WHAT YOU ARE ASKED TO DO ::
Would you please return the lines of the material that contain the word "Theron"?

===============

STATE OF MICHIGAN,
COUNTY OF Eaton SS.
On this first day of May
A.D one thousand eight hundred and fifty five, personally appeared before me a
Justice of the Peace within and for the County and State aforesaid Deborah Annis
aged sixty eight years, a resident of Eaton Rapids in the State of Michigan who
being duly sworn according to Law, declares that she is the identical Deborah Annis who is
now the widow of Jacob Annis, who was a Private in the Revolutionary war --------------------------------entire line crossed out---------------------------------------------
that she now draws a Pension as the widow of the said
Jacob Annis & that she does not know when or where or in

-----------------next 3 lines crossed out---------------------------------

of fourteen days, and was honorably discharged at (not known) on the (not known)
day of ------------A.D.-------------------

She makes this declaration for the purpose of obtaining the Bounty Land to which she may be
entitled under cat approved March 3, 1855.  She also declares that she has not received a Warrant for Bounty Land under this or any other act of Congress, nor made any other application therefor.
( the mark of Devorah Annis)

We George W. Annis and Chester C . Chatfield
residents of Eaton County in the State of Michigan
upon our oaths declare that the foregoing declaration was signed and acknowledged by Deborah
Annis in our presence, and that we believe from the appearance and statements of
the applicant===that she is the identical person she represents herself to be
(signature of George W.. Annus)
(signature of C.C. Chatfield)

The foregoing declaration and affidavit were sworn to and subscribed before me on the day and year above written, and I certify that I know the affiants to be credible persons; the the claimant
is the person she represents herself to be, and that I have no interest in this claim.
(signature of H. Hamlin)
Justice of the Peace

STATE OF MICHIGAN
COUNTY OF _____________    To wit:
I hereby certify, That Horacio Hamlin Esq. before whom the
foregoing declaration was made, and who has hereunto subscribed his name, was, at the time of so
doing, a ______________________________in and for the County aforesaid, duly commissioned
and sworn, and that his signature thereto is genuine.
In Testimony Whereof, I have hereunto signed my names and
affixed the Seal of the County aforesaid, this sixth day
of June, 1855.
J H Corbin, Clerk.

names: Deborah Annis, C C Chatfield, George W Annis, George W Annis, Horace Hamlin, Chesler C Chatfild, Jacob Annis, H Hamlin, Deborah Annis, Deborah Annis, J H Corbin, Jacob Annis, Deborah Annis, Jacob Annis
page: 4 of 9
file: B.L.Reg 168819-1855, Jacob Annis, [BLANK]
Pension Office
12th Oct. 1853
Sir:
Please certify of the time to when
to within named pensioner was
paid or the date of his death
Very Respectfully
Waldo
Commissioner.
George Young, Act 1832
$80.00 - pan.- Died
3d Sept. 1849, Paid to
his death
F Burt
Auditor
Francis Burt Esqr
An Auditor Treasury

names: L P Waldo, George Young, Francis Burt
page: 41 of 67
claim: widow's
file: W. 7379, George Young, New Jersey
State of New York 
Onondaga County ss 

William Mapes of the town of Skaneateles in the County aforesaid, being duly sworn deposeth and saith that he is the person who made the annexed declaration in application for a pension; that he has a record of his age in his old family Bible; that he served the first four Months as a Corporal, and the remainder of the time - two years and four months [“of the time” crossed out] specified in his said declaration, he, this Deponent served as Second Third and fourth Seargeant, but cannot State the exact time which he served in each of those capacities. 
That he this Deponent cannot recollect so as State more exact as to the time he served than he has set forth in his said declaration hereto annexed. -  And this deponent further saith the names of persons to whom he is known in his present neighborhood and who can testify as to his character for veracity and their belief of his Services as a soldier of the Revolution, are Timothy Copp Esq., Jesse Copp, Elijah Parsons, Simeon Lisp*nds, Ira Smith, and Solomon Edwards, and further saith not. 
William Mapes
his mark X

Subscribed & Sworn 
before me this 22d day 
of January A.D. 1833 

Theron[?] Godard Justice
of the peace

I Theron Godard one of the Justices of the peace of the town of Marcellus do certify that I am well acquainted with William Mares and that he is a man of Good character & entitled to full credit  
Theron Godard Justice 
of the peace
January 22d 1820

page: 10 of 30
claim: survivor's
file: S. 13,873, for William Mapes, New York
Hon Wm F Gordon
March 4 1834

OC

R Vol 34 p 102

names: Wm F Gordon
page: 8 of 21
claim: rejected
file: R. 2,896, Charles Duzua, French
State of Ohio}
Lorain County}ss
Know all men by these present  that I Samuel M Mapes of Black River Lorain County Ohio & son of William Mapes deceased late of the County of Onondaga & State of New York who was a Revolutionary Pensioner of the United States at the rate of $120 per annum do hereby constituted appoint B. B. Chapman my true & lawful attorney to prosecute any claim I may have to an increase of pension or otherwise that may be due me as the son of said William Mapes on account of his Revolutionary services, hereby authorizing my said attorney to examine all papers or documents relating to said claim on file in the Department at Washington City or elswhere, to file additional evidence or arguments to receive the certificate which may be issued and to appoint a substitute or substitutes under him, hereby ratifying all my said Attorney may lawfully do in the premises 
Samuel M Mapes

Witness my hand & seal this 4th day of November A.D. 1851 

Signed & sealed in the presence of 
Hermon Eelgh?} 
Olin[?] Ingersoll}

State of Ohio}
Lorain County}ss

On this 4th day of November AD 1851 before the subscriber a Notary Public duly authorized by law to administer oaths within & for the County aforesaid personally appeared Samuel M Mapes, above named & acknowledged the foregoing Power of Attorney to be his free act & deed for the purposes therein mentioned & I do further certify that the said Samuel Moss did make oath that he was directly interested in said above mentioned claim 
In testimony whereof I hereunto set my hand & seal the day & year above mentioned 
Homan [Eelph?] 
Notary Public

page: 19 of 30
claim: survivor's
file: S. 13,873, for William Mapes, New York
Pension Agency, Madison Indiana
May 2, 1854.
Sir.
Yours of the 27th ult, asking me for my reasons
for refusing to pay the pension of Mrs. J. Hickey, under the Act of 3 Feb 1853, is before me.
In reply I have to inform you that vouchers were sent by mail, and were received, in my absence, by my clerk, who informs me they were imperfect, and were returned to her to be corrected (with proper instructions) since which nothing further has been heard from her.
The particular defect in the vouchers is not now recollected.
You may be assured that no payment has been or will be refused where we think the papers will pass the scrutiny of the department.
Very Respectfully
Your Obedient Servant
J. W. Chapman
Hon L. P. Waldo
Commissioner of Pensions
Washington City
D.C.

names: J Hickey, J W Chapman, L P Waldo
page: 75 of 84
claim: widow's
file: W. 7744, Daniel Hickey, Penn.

===============

EXERCISE SOLUTION ::
Theron[?] Godard Justice
I Theron Godard one of the Justices of the peace of the town of Marcellus do certify that I am well acquainted with William Mares and that he is a man of Good character & entitled to full credit  
Theron Godard Justice 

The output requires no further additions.